Dari tanah dan udara segar, imajinasi berkembang dan semangat hidup berdampingan dengan alam berakar. Tapi semangat ini sepertinya memudar seiring Jakarta mengejar citra sebagai kota global.
Pentingnya Stimulasi
Kesibukan keluarga urban dan makin maraknya penggunaan gawai membuat banyak anak yang lahir di kota mengalami stimulasi yang terbatas.
Banyak orangtua menyerahkan gawai pada anak mereka untuk mengatur pengasuhan sambil mengerjakan tanggung jawab lain.
Tapi, sentuhan, percakapan, dan eksplorasi alam adalah kebutuhan dasar yang tak bisa digantikan teknologi.
Dokter spesialis anak Rini Sekartini mengatakan stimulasi adalah kebutuhan fundamental yang harus dipenuhi orang tua, salah satunya bisa dicapai melalui bermain.
"Bermain juga merupakan kebutuhan dasar anak.

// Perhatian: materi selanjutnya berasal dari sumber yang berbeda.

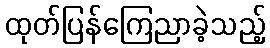
ထုတ်ပြန်ကြေညာခဲ့သည့်
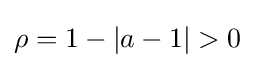
\rho =1-|a-1|>0
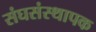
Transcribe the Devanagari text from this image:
संघसंस्थापक
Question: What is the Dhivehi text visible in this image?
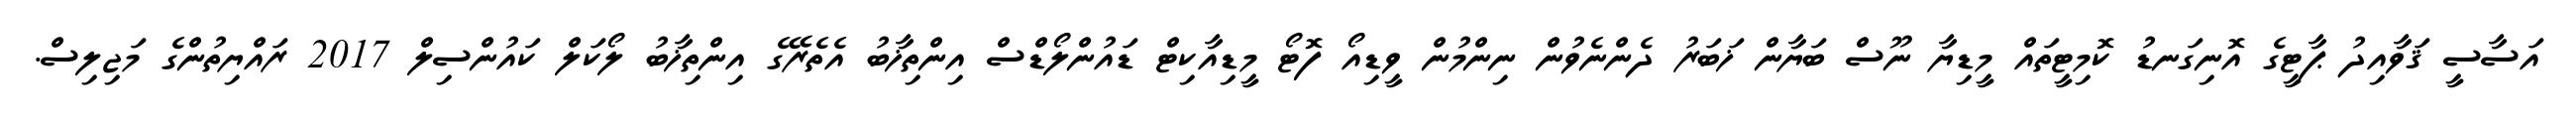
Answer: އަސާސީ ޤަވާއިދު ޕާޓީގެ އޮނިގަނޑު ކޮމިޓީތައް މީޑިޔާ ނޫސް ބަޔާން ޚަބަރު ދެންނެވުން ނިންމުން ވީޑިއޯ ފޮޓޯ މީޑިއާކިޓް ޑައުންލޯޑްސް އިންތިޚާބު އެތެރޭގެ އިންތިޚާބު ލޯކަލް ކައުންސިލް 2017 ރައްޔިތުންގެ މަޖިލިސް.
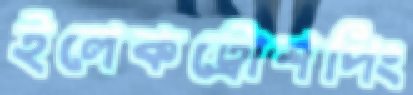
ইলেকট্রোশপিং
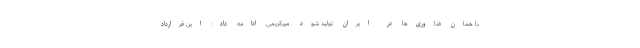
با همان فناوری‌ها در ایران تولید شود. میرکریمی ادامه داد: این قرارداد
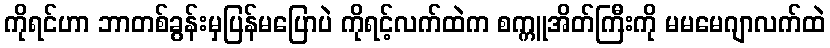
ကိုရင်ဟာ ဘာတစ်ခွန်းမှပြန်မပြောပဲ ကိုရင့်လက်ထဲက စက္ကူအိတ်ကြီးကို မမမေဂျာလက်ထဲ
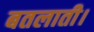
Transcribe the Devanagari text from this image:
बतलाती।
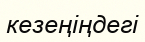
кезеңіңдегі
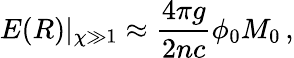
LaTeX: E(R)|_{\chi\gg 1}\approx\frac{4\pi g}{2nc}\phi_{0}M_{0}\, ,
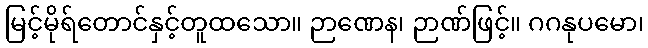
မြင့်မိုရ်တောင်နှင့်တူထသော။ ဉာဏေန၊ ဉာဏ်ဖြင့်။ ဂဂနုပမော၊
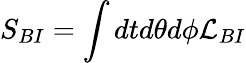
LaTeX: S_{BI}=\int dtd\theta d\phi{\cal L}_{BI}
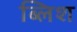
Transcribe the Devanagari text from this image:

Selain berguna untuk bersosialisasi, bermain meningkatkan perkembangan dalam keterampilan motorik, bahasa, kemandirian, dan kecerdasan," ujarnya.

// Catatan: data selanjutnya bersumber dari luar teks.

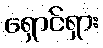
ရှောင်ရှား
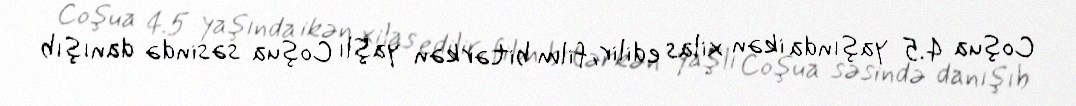
Coşua 4.5 yaşında ikən xilas edilir, film bitərkən yaşlı Coşua səsində danışıb
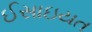
ઈસાઇયત
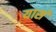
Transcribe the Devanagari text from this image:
यासं
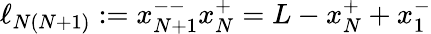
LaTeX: \ell_{N(N+1)}:=x_{N+1}^{--}x_{N}^{+}=L-x_{N}^{+}+x_{1}^{-}
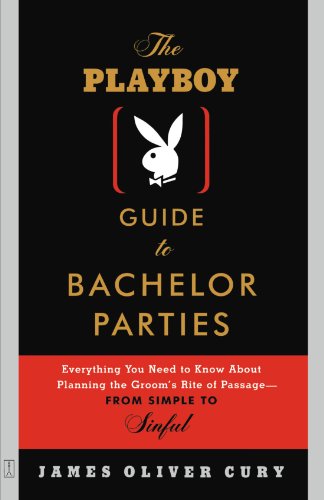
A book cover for The Playboy Guide to Bachelor Parties: Everything You Need to Know About Planning the Groom's Rite of Passage-From Simple to Sinful; James Oliver Cury; Crafts, Hobbies & Home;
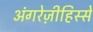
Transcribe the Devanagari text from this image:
अंगरेज़ीहिस्से
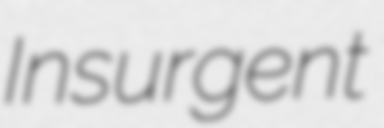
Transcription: Insurgent
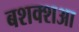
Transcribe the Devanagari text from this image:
बशक्शआ
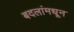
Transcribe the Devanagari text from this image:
बदलांमधून
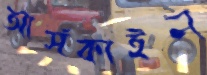
আর্সকাইন
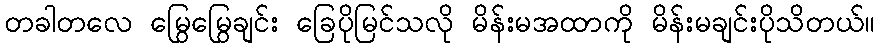
တခါတလေ မြွေမြွေချင်း ခြေပိုမြင်သလို မိန်းမအထာကို မိန်းမချင်းပိုသိတယ်။
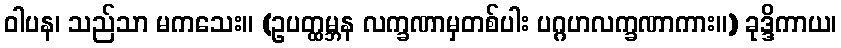
ဝါပန၊ သည်သာ မကသေး။ (ဥပတ္ထမ္ဘန လက္ခဏာမှတစ်ပါး ပဂ္ဂဟလက္ခဏာကား။) ခုဒ္ဒိကာယ၊
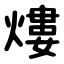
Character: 熡
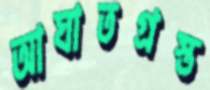
আঘাতগ্রস্ত
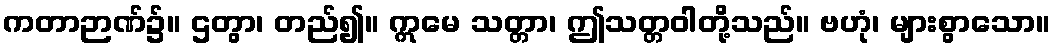
ကတာဉာဏ်၌။ ဌတွာ၊ တည်၍။ ဣမေ သတ္တာ၊ ဤသတ္တဝါတို့သည်။ ဗဟုံ၊ များစွာသော။
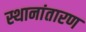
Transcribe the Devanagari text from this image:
स्थानांतारण
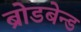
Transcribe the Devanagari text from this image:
ब्रोडबेन्ड
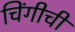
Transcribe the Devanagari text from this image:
चिंगीची
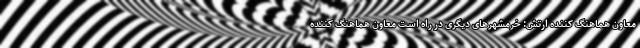
معاون هماهنگ کننده ارتش: خرمشهرهای دیگری در راه است معاون هماهنگ کننده
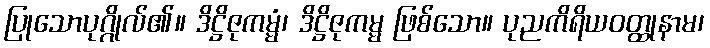
ပြုသောပုဂ္ဂိုလ်၏။ ဒိဋ္ဌိဇုကမ္မံ၊ ဒိဋ္ဌိဇုကမ္မ ဖြစ်သော။ ပုညကိရိယဝတ္ထုနာမ၊
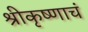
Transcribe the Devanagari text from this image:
श्रीकृष्णाचं
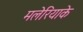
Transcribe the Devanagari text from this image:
मलेरियाके
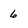
Character: 6
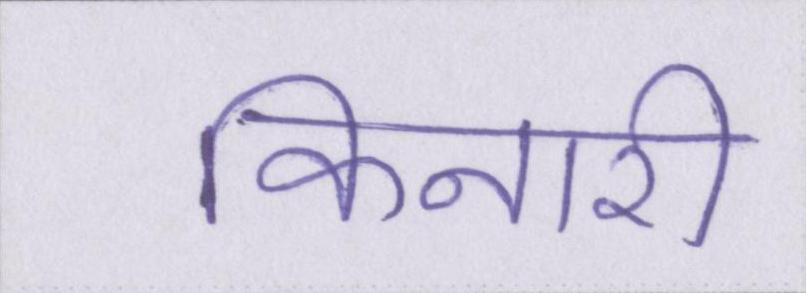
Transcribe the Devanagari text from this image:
किनारी
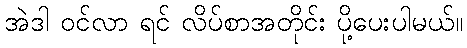
အဲဒါ ဝင်လာ ရင် လိပ်စာအတိုင်း ပို့ပေးပါမယ်။
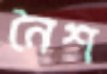
নৈশ
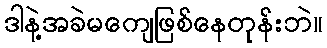
ဒါနဲ့အခဲမကျေဖြစ်နေတုန်းဘဲ။
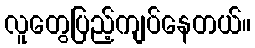
လူတွေပြည့်ကျပ်နေတယ်။
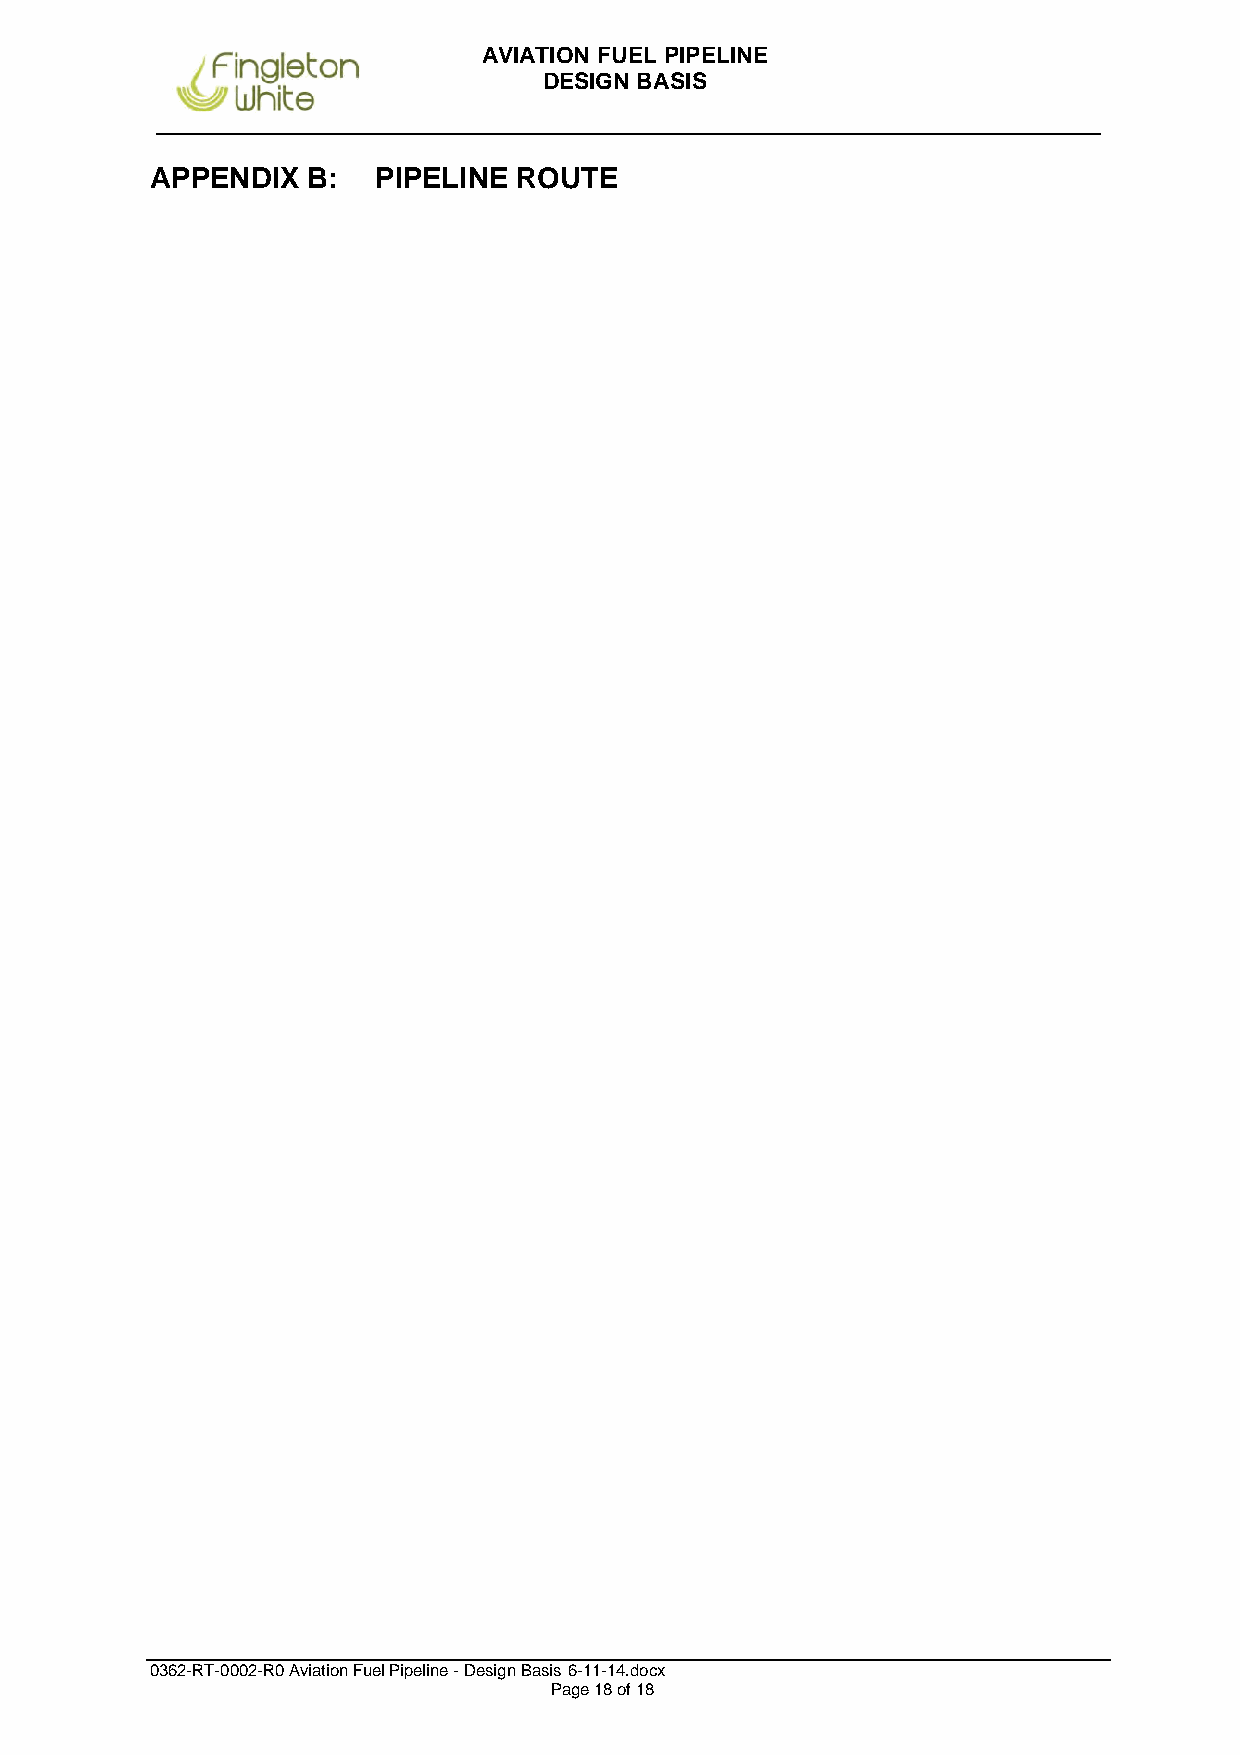
AVIATION FUEL PIPELINE
 DESIGN BASIS
 APPENDIX  B:   PIPELINE ROUTE
 0362-RT-0002-R0 Aviation Fuel Pipeline - Design Basis 6-11-14.docx
 Page 18 of 18

Bermain di alam memungkinkan anak-anak mendengar suara hewan, angin, tawa, dan teriakan di antara teman — semua itu menstimulasi pertumbuhan bicara dan sensorik.

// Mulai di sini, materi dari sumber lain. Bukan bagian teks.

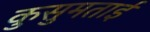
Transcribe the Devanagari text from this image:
कुसुमताई
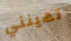
تهينني
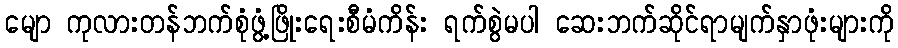
မျော ကုလားတန်ဘက်စုံဖွံ့ဖြိုးရေးစီမံကိန်း ရက်စွဲမပါ ဆေးဘက်ဆိုင်ရာမျက်နှာဖုံးများကို
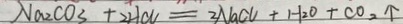
N a _ { 2 } C O _ { 3 } + 2 H C N = 2 N a C U + H _ { 2 } O + C O _ { 2 } \uparrow
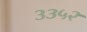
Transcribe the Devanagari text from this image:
३३५२
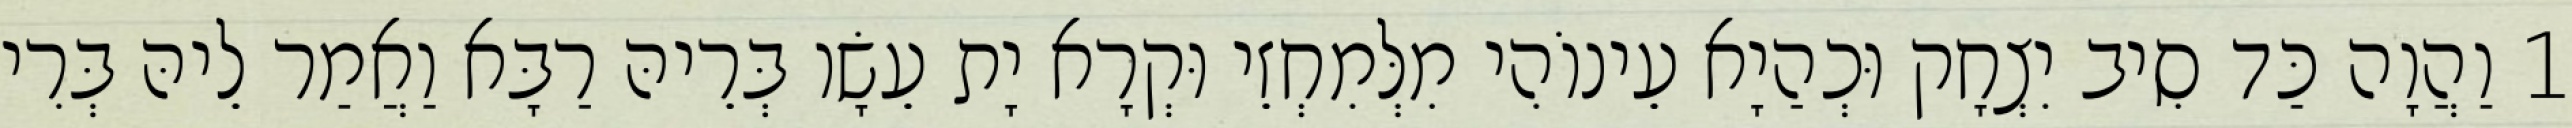
1 וַהֲוָה כַּד סִיב יִצְחָק וּכְהַיָא עֵינוֹהִי מִלְּמִחְזֵי וּקְרָא יָת עֵשָׂו בְּרֵיהּ רַבָּא וַאֲמַר לֵיהּ בְּרִי
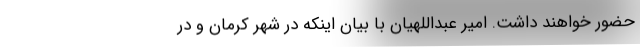
حضور خواهند داشت. امیر عبداللهیان با بیان اینکه در شهر کرمان و در
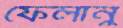
ফেলানু
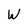
Character: W
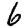
Digit: 6
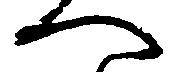
へ
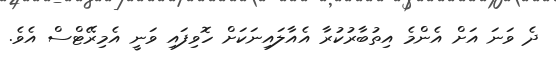
ދެ ވަނަ އަށް އެންމެ އިތުބާރުކުރާ އެއާލައިނަކަށް ހޮވިފައި ވަނީ އެމިރޭޓްސް އެވެ.
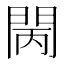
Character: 𨳵
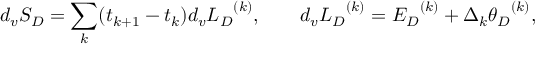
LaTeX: d _ { v } S _ { D } = \sum _ { k } ( t _ { k + 1 } - t _ { k } ) d _ { v } { L _ { D } } ^ { ( k ) } , \qquad d _ { v } { L _ { D } } ^ { ( k ) } = { { \cal E } _ { D } } ^ { ( k ) } + \Delta _ { k } { \theta _ { D } } ^ { ( k ) } ,
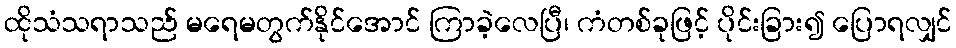
ထိုသံသရာသည် မရေမတွက်နိုင်အောင် ကြာခဲ့လေပြီ၊ ကံတစ်ခုဖြင့် ပိုင်းခြား၍ ပြောရလျှင်
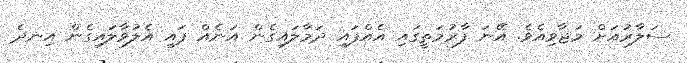
ސަލާރުއަށް މަޖާވިއެވެ. އޭނަ ފާރުމަތީގައި އެއްފައި ދަމާލައިގެން އަނެއް ފައި އެލުވާލައިގެން އިނދެ
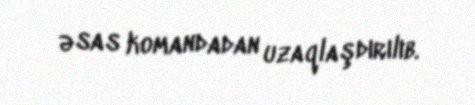
əsas komandadan uzaqlaşdırılıb.
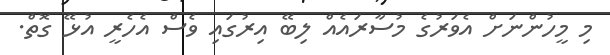
މި މީހުންނަށް އެވަރުގެ މުސާރައެއް ލިބޭ އިރުގައި ވެސް އެހެރީ އުޅޭ ގޮތް.
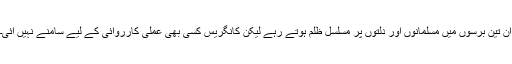
ان تین برسوں میں مسلمانوں اور دلتوں پر مسلسل ظلم ہوتے رہے لیکن کانگریس کسی بھی عملی کارروائی کے لیے سامنے نہیں آئی۔
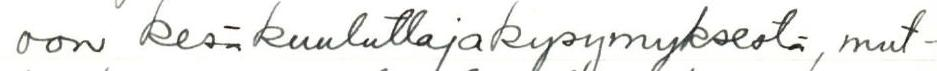
oon kesäkuuluttajakysymyksestä, mut-
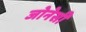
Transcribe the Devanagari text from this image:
जोनेसी
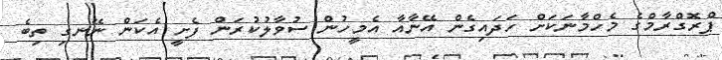
ޕްރޮގްރާމްގެ މެހްމާނަކަށް ހަދައިގެން އޭނާއާ އެމީހުން ސުވާލުކުރަން ފެށީ އެކަން ނޭނގި ތިބެ
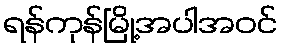
ရန်ကုန်မြို့အပါအဝင်

Kemampuan sensorik anak, terutama peraba, terasah ketika mereka bermain tanpa alas kaki dan bebas menjelajahi sekitarnya.
Upaya Pemerintah
Meski Jakarta dipenuhi gedung, Gubernur Pramono Anung bertekad menyediakan lebih banyak ruang terbuka hijau bagi warga, khususnya anak-anak.
Salah satu upayanya adalah pengembangan Taman Bendera Pusaka, yang mengintegrasikan tiga taman: Taman Ayodya, Taman Leuser, dan Taman Langsat.
Untuk memperluas akses, pemerintah provinsi memutuskan untuk membuka beberapa taman selama 24 jam. Beberapa, seperti Tebet Eco Park, buka hingga pukul 22.00 waktu setempat.
Anung mengatakan kebijakan taman 24 jam itu terinspirasi dari London, di mana taman umum buka kapan saja. Ia berharap ini memungkinkan warga berolahraga atau bermain kapan pun mereka mau.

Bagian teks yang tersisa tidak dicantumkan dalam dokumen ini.